A Lady by Midnight (Spindle Cove #3)(95)



“It hasn’t ended yet,” Samuel said. “But I’ll tell you how it will end. With their daughter being rightfully restored as Lady Katherine Gramercy, heiress to property and fortune.”

Evan spoke only to her, levelly and forcefully. “Kate, think of the family.”

Samuel tightened his arm about her middle. “If there’s any tarnish on the Gramercy name, then be a gentleman, Drewe, and own it. You, or someone in your family, threw her mother to the streets. This convicted felon did what he could to save her from that. And I’ll protect her to the grave now. If you ever—ever—try to shame her for what she could not help, with the aim of keeping your own life gilded and comfortable . . . ? You will answer to me, and there will be blood.”

Evan lunged in anger.

“Stop this!” Kate cried. “Stop this, please.”

She didn’t know what to say or do. They were both misunderstanding each other’s intentions so badly, and so willfully. Neither man was interested in hearing reason. They just wanted an excuse to hate each other, and she was it.

This was disaster in the making.

But there was one way she could end this entire argument. Much as it pained her to announce it to the group at large, she could see no alternative.

“Evan,” she said, “I cannot marry you. Surely you must understand . . . Samuel and I have been intimate. I must marry him.”

Evan was silent for a torturous eternity, simply breathing in and out. “No. You don’t need to marry him.”

“But didn’t you hear me? I—”

“You need to marry someone, yes.” He raised his head and turned a murderous look on Samuel. “That someone will be decided at dawn.”

In unison, Harry, Lark, and Aunt Marmoset groaned.

“Oh, Evan.”

“Not again.”

“Six? Truly? Six? Five was impressive, but six is the setup for a bad joke.”

Evan quelled the objections with a look. “By the rules of dueling, Thorne—I suspect you may not be so familiar with them, not being a gentleman—I issued the challenge, so the choice of weapons is yours.”

Kate was in turmoil. Weren’t pistols the traditional choice? But Samuel’s right hand was still weakened from the adder venom. His aim with a pistol would be disastrous. He wouldn’t have a chance in hell.

“She’s made her choice,” Samuel said. “There’s not going to be any duel.”

Oh, thank heaven. Thank God.

Evan strode about the hall, swinging his arms. “You’re right, Thorne. A duel isn’t necessary.”

Truly? He would give up on the idea that easily? To Kate, this turn of events seemed too good to be true.

It was.

Evan stopped before one of the mounted suits of armor and drew the sword from the grasp of the phantom knight’s gauntlet. “Why wait for the morning, when we can settle this tonight?”

Kate took back her prayers of thanksgiving and exchanged them for desperate pleas for deliverance.

Evan hefted the sword in his right hand, testing its balance. Though the weapon must have been centuries old, it was well cared for and polished to a mirror gleam.

He said, “Takes you back to the era of true chivalry, doesn’t it, Thorne? The days when a man cared something for a lady’s reputation.”

Harry spoke up. “Evan, don’t be ridiculous. Everyone here cares for Kate.”

“I don’t want anyone fighting over me,” Kate said. “It’s not worth it.”

“Like hell it’s not.” Samuel turned to her. “Don’t ever say you’re not worth it, Katie. You’re worth epic battles. Entire wars.”

Her heart pinched. “Samuel . . .”

“Yes, Helen of Troy?” She thought she saw him wink as he backed away, reaching for a sword to match Evan’s.

After all this time . . . he would choose this moment to be charming.

“It’s all right,” Lark soothed, drawing her aside. “It’s all a bit of show to preserve honor and save face. You know how gentlemen are.”

It didn’t matter how gentlemen were. Samuel wasn’t a gentleman. He was not the sort of man to take up arms in a show of honor. He would fight.
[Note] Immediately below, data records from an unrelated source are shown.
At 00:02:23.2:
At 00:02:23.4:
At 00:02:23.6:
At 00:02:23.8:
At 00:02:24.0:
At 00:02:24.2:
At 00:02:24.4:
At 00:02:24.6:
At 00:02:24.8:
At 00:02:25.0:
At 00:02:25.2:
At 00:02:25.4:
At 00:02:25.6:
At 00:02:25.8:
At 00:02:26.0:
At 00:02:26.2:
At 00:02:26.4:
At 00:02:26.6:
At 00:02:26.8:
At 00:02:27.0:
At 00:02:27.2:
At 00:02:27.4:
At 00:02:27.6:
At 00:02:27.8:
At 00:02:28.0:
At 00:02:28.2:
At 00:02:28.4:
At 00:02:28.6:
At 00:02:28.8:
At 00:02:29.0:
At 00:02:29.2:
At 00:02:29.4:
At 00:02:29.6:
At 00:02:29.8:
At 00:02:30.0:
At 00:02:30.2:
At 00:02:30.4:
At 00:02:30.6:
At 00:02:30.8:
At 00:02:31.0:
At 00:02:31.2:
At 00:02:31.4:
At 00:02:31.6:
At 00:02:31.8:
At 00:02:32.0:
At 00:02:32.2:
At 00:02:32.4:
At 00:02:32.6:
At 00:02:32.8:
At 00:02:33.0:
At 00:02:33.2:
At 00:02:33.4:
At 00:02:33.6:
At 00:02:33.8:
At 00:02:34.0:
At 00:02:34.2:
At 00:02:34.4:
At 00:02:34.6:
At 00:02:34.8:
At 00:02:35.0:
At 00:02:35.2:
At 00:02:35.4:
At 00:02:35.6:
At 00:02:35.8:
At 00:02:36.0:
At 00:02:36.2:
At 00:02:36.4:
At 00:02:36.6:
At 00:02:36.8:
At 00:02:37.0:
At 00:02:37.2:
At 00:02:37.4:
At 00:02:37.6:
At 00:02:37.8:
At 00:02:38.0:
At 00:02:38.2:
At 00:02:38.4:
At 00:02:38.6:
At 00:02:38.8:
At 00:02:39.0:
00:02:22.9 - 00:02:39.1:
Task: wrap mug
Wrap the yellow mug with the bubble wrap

Worse, any given blow might send him to that other place—that shadowy battlefield where he knew nothing but instinct and survival. Even if he wished to back down, he might be unable to do so in the heat of the struggle.
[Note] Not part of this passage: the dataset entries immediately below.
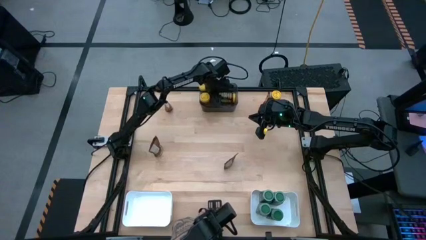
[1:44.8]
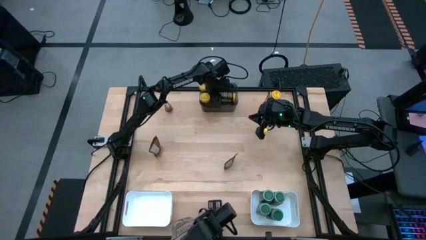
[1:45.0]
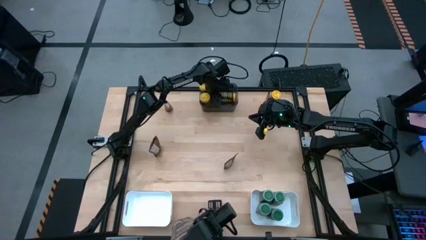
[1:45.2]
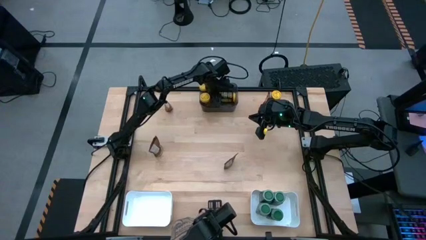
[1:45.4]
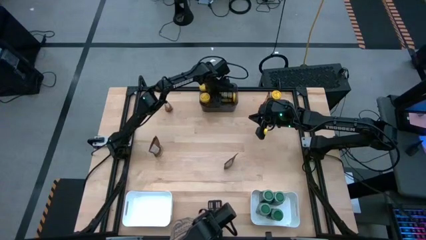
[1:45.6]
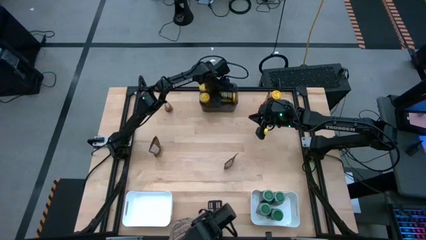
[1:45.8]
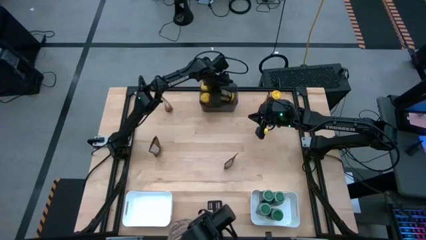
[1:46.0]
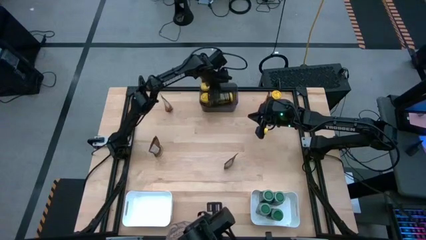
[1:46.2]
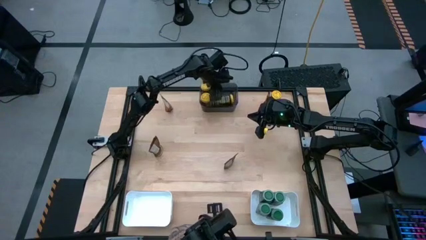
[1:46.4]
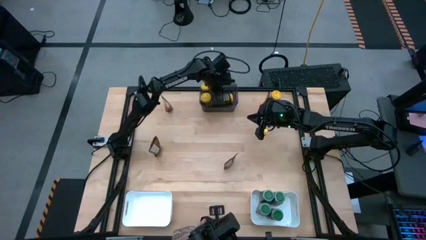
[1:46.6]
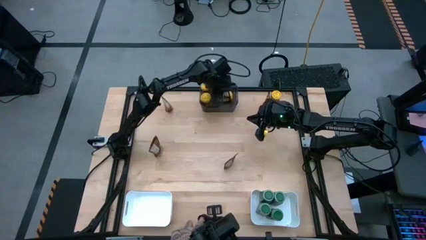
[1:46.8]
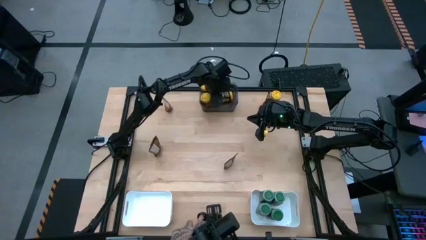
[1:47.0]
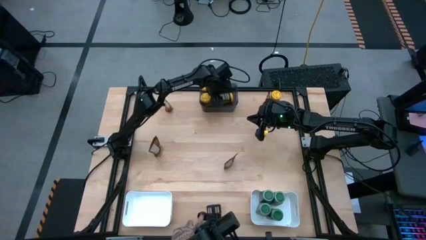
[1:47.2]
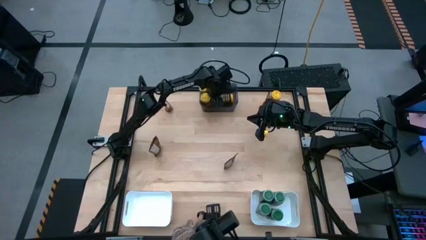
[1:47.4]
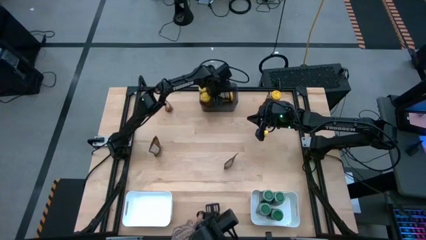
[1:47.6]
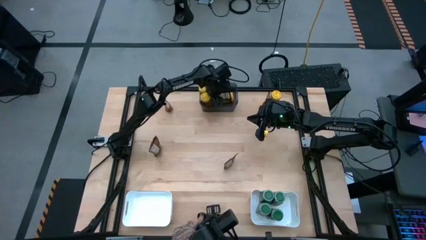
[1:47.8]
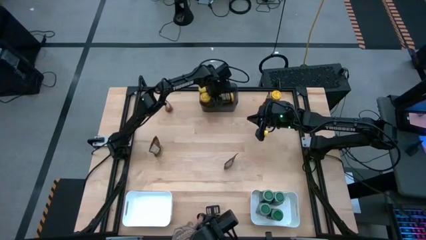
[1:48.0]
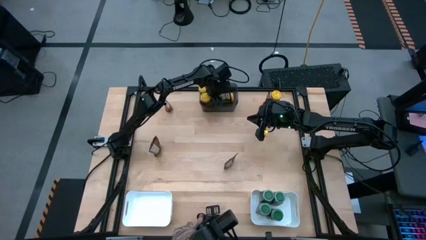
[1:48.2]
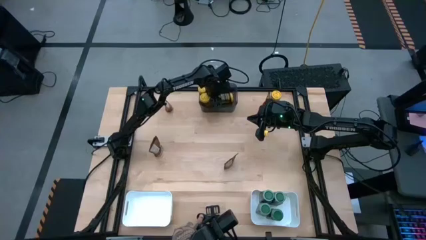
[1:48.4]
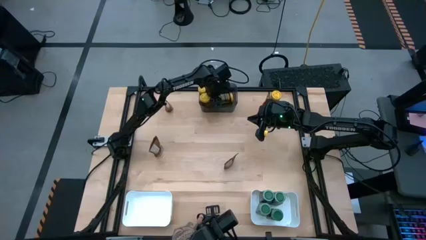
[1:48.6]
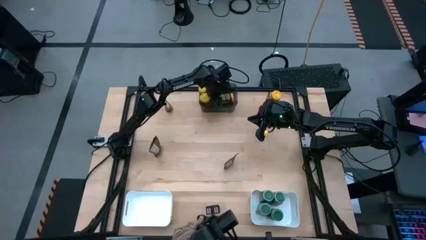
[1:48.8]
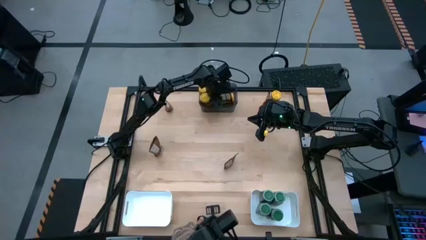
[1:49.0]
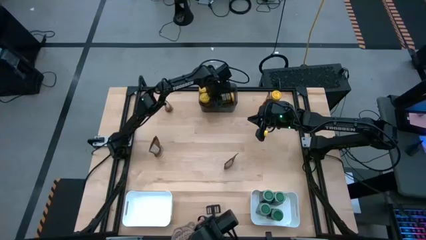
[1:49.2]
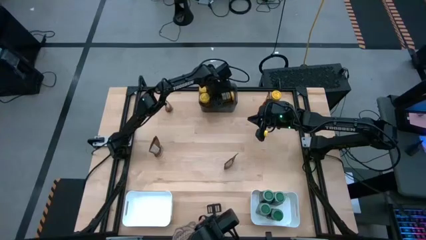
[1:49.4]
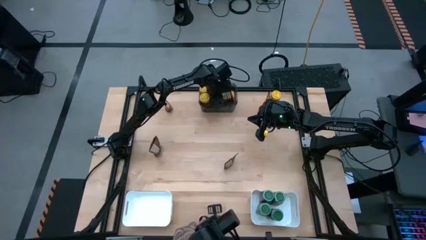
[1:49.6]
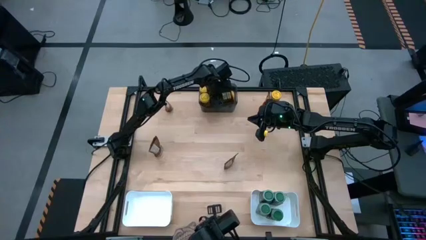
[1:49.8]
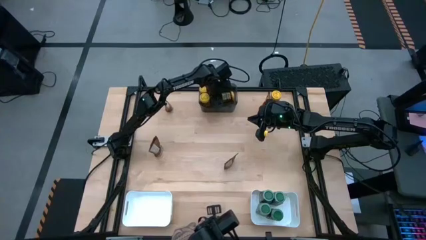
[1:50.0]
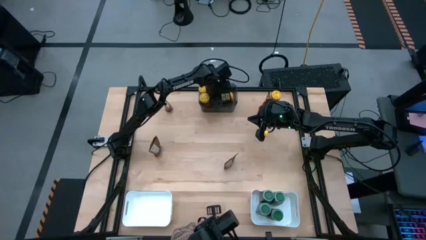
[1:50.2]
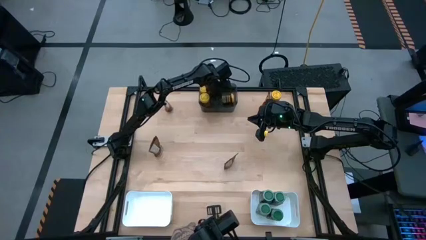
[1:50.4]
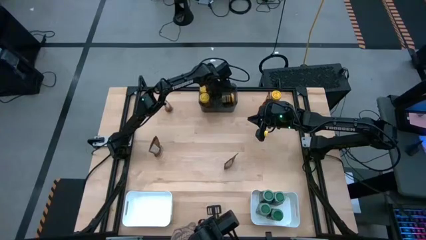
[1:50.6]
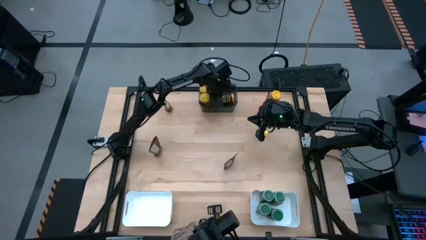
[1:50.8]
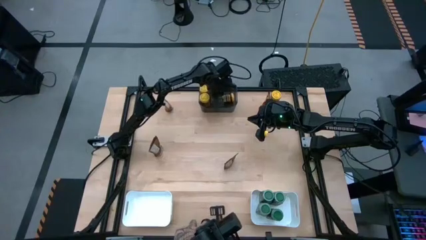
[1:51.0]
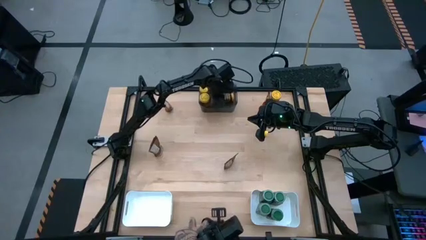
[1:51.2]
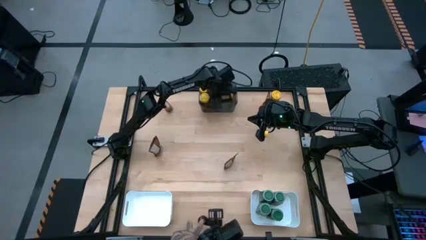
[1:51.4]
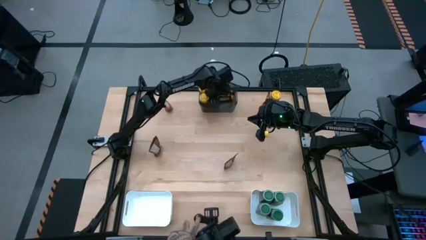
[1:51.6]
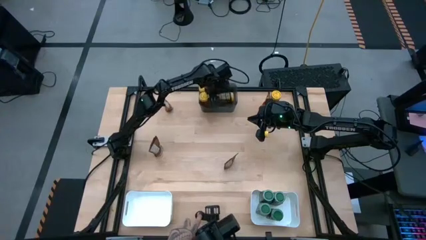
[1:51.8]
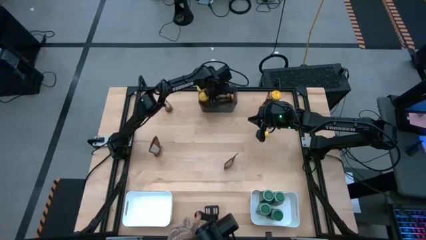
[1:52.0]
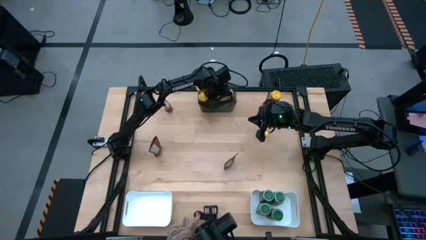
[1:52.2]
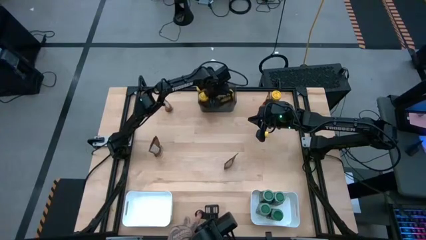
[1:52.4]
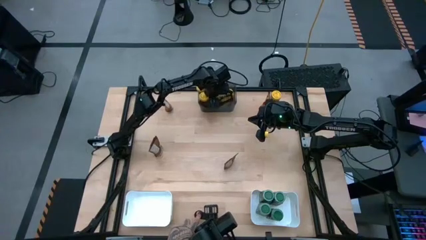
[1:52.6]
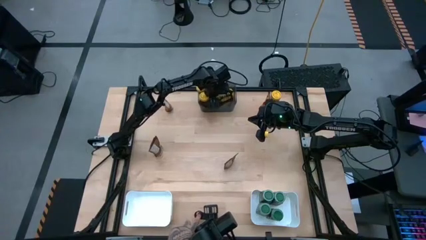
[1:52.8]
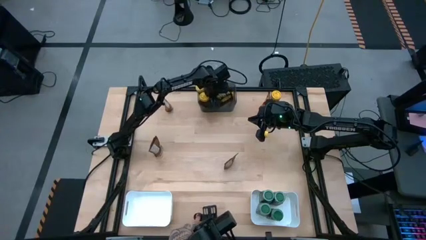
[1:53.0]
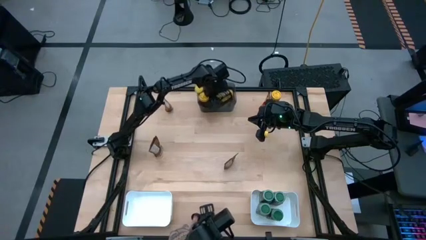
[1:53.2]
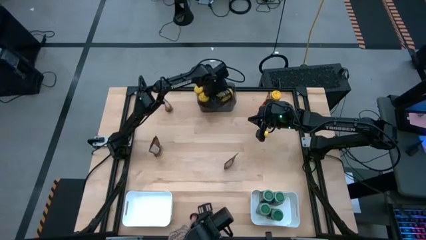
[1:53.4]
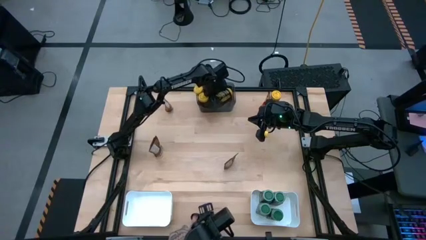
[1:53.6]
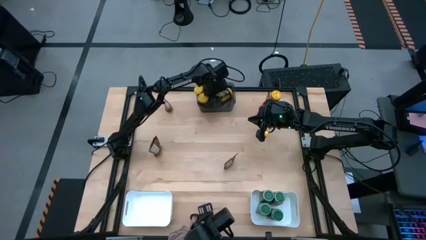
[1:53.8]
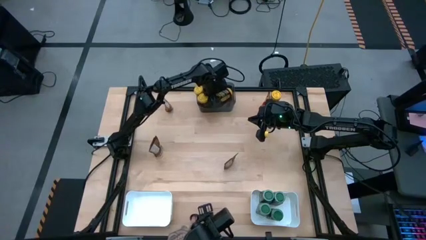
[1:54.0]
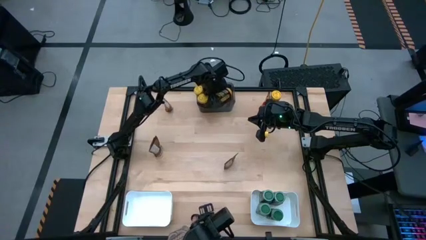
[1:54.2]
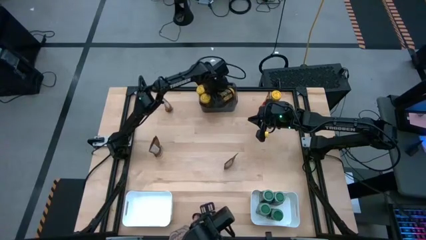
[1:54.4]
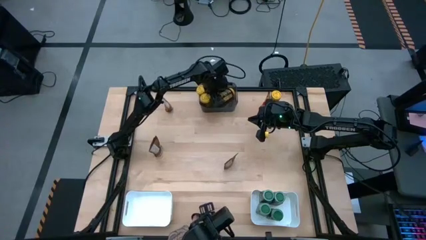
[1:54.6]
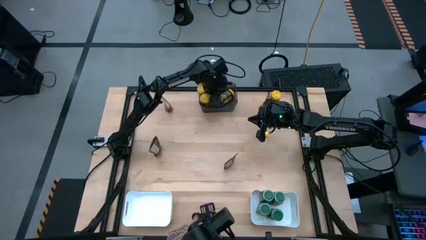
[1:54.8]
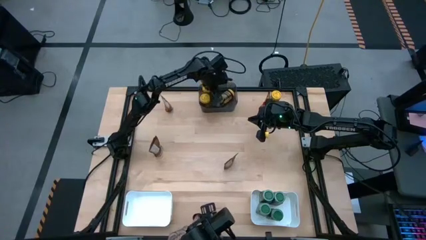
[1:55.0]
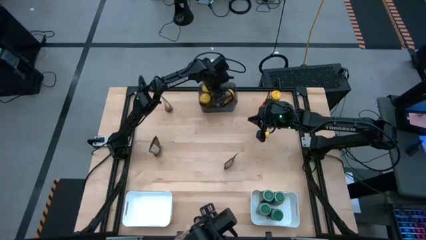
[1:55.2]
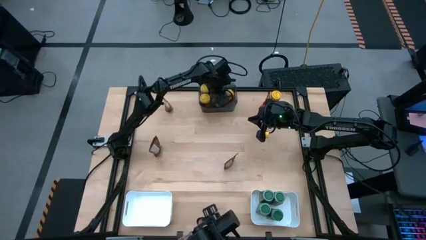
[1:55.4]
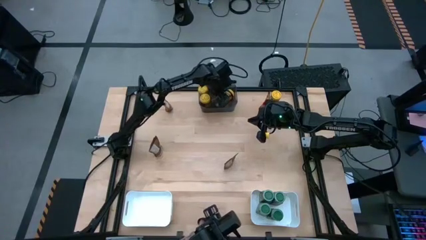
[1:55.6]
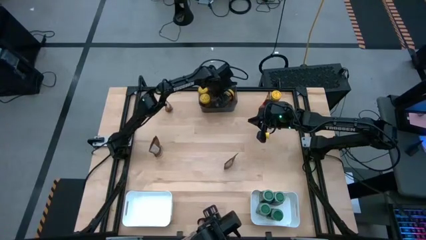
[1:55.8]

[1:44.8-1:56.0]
Task: Sort spices by type
Put the bottom left yellow seasoning bottle into the gray bin

She saw no way this could end but badly—bloodily—for everyone concerned.

“Stop this,” she cried. “Both of you, please. Evan, you don’t understand. Samuel cares for me. He sacrificed everything to save me from that awful place.”

“He stole your virtue. He’s a blackguard.”

Kate wanted to argue that she’d given herself willingly, and that the idea of a woman’s virtue as a possession one man could steal from another was straight from the Dark Ages. But judging by the scene before her, accusations of medieval behavior would fall on deaf ears.

The men circled one another in the center of the hall, like two wild beasts bristling and snarling in warning. The bloodred carpet they trod upon did little to calm Kate’s fears or ease the men’s thirst for violence.

“You really want to do this, Thorne?” Evan asked.